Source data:
----

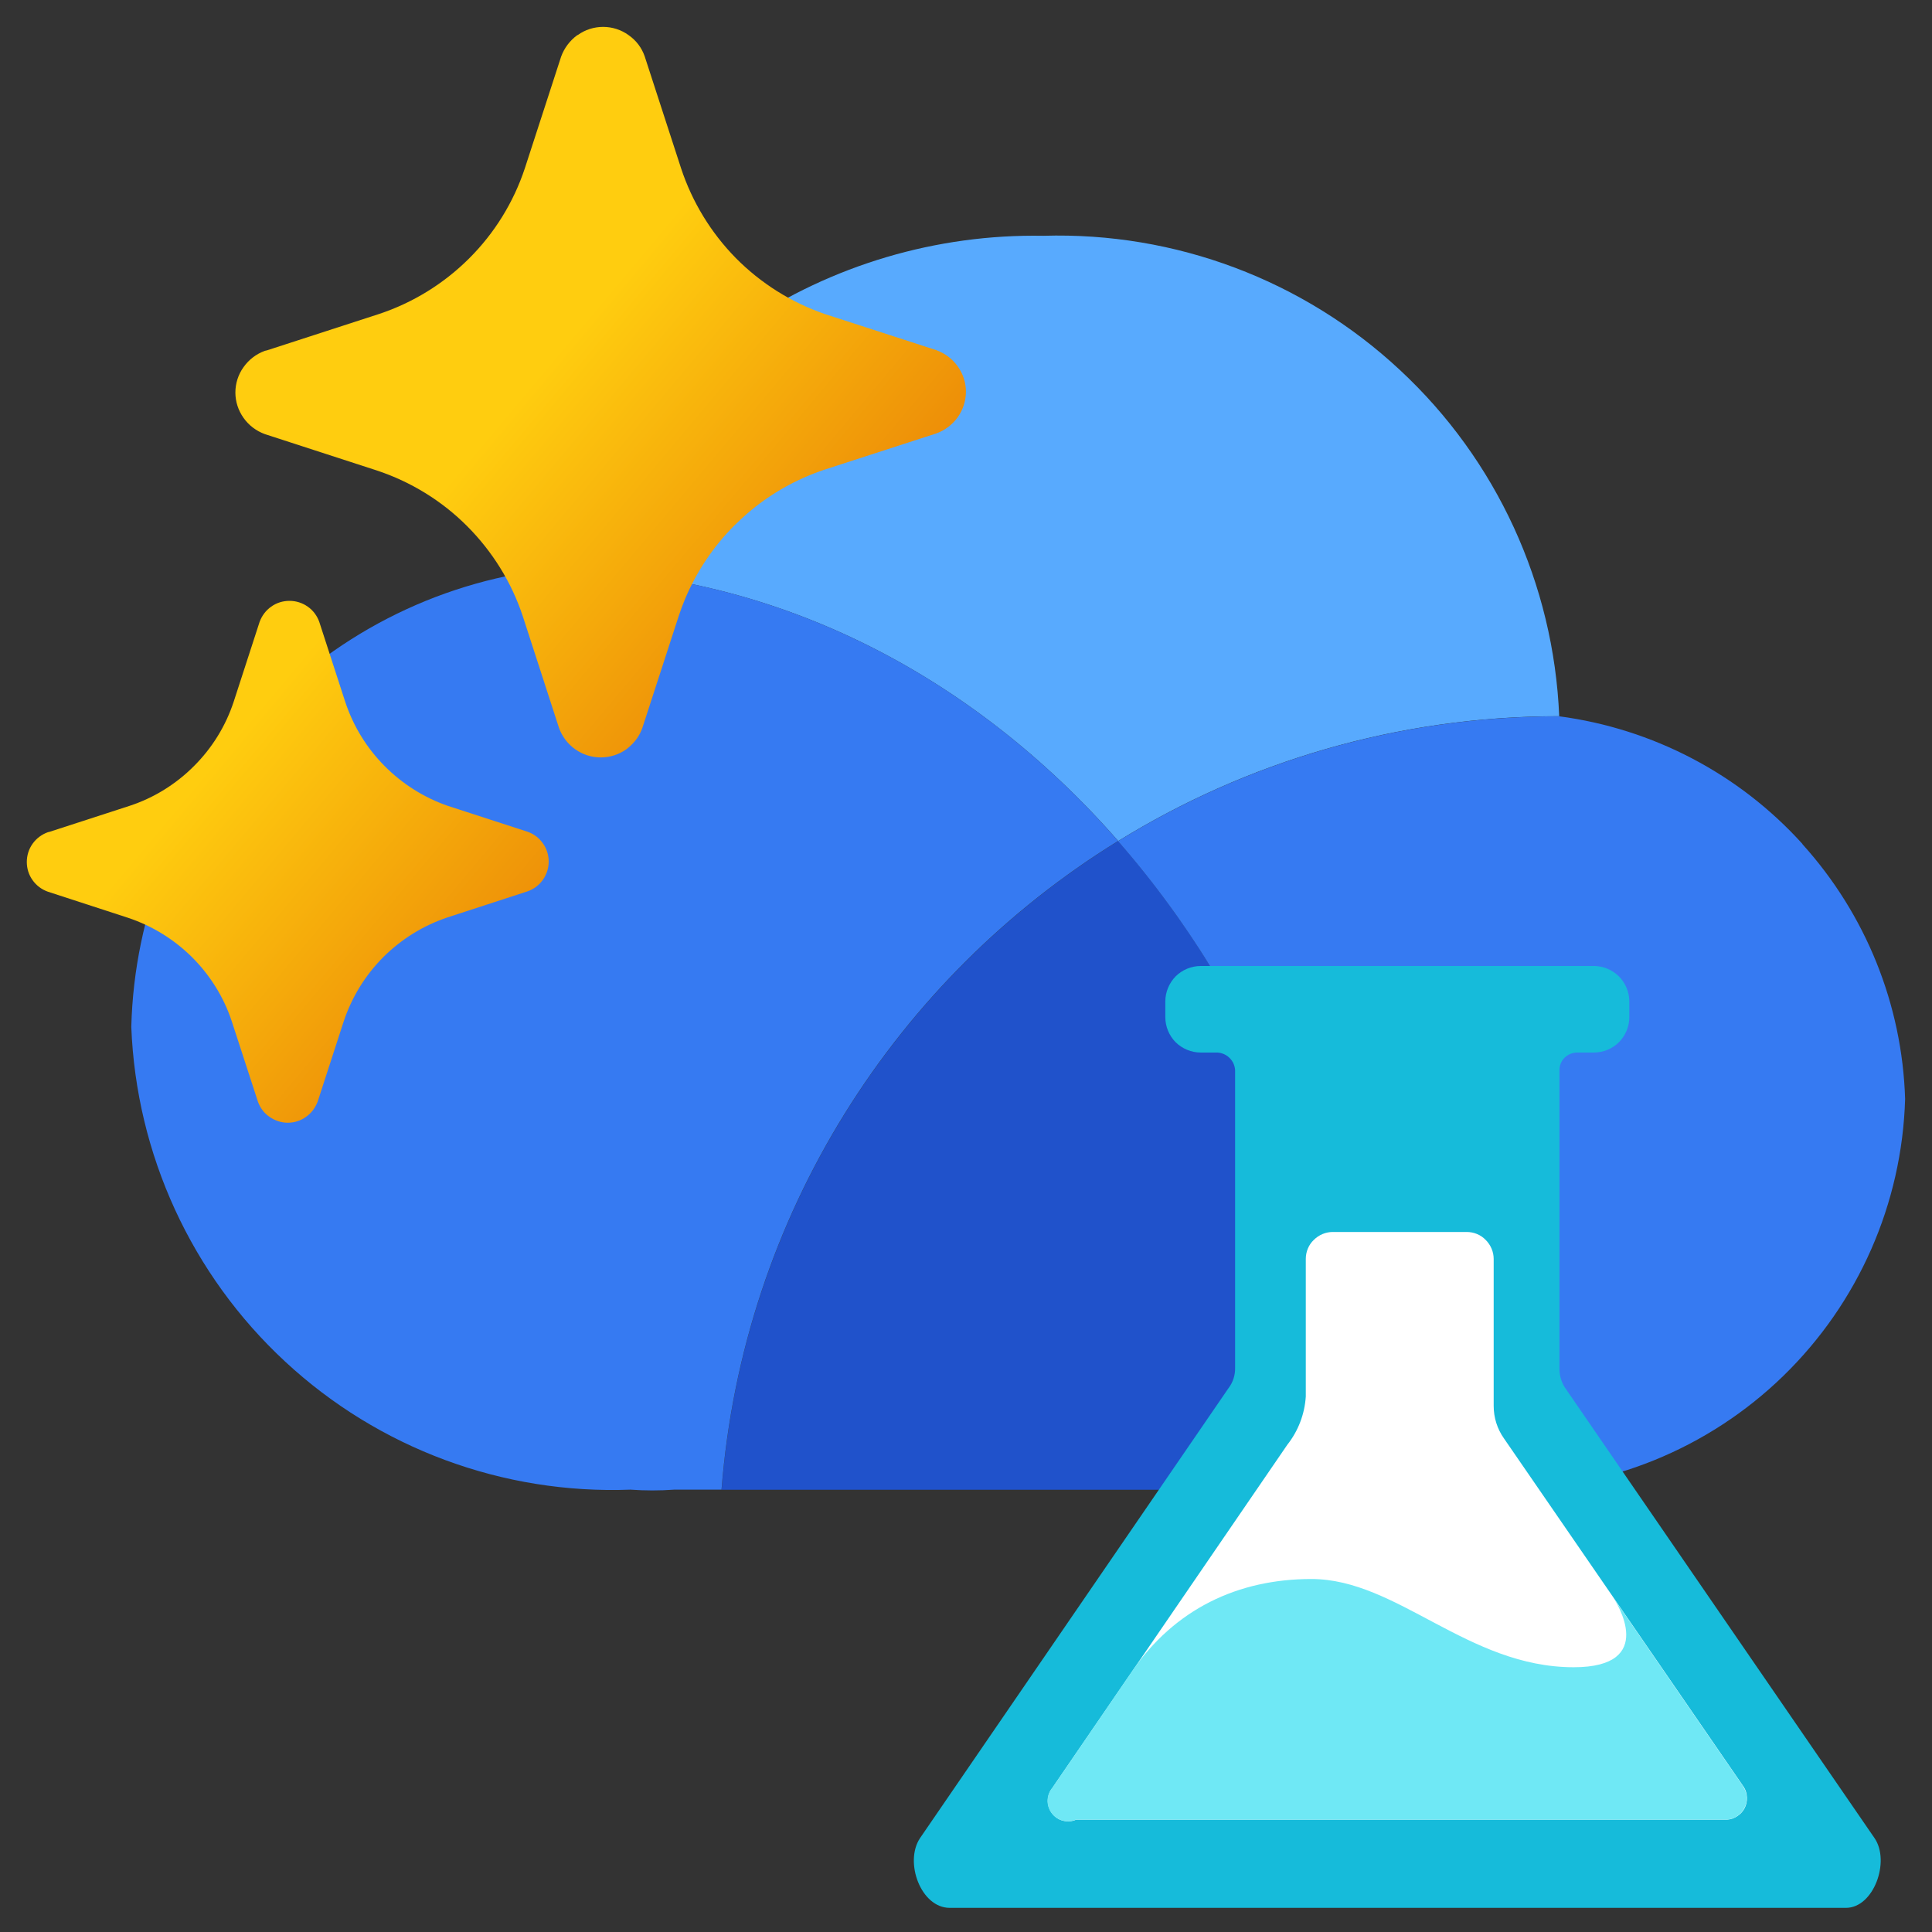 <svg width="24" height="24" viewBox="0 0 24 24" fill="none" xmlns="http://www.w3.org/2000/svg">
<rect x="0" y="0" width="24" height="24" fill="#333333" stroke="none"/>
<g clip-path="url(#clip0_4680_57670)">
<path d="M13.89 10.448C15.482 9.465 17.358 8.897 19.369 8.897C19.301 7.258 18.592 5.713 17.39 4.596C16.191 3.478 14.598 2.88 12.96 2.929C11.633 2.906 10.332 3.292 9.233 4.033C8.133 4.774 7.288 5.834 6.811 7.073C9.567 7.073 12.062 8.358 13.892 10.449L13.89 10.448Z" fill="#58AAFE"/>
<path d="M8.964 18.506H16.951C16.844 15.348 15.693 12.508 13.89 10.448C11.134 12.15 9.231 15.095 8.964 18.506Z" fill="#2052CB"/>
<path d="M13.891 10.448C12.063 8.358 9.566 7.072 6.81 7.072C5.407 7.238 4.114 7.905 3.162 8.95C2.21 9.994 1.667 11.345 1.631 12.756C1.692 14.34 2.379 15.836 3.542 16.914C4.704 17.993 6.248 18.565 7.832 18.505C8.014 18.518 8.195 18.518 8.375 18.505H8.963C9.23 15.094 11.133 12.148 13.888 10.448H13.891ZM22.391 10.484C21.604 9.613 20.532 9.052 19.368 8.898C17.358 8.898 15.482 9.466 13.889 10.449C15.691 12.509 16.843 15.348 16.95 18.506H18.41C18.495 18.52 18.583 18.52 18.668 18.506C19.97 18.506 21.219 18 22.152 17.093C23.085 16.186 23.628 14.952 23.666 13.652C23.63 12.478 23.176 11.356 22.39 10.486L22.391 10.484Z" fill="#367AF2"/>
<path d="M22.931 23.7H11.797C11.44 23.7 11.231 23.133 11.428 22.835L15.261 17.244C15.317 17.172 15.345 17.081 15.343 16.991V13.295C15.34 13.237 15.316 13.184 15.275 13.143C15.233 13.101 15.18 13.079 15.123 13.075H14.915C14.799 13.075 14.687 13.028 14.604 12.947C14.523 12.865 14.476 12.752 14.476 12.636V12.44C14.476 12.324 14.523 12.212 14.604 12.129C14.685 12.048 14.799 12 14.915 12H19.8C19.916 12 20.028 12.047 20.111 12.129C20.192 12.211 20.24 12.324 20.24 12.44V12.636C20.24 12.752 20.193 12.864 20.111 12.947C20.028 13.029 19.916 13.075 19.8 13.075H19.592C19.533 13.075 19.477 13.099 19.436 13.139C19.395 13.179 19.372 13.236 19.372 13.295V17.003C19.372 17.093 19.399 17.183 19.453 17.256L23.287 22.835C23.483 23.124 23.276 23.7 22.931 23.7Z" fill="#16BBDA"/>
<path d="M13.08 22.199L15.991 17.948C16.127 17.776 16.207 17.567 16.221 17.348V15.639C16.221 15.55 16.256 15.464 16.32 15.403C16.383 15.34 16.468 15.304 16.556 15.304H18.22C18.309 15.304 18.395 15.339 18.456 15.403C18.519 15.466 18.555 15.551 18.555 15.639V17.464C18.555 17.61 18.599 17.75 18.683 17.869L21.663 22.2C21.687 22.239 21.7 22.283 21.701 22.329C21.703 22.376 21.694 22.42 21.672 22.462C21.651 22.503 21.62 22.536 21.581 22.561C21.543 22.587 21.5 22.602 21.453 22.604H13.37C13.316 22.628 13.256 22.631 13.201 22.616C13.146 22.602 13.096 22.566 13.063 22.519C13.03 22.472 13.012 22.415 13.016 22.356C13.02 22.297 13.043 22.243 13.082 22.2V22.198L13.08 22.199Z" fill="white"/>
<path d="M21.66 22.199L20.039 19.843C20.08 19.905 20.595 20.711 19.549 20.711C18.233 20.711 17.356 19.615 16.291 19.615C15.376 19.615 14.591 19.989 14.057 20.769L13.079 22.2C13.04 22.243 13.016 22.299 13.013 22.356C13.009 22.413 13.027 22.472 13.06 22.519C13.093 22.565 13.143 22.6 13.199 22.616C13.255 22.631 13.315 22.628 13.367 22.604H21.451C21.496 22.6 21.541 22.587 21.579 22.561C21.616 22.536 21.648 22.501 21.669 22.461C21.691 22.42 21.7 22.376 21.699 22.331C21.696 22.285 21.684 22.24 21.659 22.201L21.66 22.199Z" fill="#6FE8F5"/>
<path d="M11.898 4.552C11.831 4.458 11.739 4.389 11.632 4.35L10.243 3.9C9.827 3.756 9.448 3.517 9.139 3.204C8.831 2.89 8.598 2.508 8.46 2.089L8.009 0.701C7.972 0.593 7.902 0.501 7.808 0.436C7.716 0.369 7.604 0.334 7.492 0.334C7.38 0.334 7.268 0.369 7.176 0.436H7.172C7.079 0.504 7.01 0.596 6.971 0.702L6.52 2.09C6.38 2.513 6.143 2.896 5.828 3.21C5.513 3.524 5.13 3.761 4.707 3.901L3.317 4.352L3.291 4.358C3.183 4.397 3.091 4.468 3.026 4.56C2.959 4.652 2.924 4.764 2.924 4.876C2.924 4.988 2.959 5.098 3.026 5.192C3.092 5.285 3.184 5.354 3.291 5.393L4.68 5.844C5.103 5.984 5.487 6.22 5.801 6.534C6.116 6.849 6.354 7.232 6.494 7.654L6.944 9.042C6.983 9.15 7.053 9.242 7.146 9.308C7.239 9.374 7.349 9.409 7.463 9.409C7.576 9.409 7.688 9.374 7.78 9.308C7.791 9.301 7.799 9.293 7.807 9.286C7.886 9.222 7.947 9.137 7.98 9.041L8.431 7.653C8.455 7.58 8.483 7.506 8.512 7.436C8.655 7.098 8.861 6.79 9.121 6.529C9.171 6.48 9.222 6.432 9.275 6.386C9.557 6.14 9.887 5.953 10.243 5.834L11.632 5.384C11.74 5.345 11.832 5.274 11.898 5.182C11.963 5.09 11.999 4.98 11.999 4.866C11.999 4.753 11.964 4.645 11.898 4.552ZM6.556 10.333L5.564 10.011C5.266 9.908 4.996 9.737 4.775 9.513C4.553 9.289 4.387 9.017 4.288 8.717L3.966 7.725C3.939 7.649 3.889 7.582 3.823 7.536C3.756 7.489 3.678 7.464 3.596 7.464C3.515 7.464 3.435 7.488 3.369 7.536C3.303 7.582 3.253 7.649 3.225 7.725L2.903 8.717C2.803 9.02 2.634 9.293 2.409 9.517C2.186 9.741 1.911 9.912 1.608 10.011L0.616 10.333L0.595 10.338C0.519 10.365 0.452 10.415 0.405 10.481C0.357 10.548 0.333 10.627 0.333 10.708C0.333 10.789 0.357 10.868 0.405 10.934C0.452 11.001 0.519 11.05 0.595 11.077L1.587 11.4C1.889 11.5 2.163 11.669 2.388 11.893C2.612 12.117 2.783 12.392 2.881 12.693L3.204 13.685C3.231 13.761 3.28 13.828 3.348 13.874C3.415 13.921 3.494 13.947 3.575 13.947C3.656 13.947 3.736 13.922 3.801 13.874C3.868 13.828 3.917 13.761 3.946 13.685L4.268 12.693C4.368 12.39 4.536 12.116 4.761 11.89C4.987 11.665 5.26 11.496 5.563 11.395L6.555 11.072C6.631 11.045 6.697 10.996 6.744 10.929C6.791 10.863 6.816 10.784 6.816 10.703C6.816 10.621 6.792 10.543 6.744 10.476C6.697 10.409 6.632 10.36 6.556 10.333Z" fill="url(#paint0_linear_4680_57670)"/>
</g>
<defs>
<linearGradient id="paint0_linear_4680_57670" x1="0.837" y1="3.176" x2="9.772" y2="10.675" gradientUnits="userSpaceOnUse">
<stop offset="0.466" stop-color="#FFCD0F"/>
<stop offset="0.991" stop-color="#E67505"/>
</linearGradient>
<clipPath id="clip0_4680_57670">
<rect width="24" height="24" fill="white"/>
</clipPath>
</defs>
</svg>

----

THE TASK
Gather all lines of the records that include the word "rect".

RESPONSE BOX
<rect x="0" y="0" width="24" height="24" fill="#333333" stroke="none"/>
<rect width="24" height="24" fill="white"/>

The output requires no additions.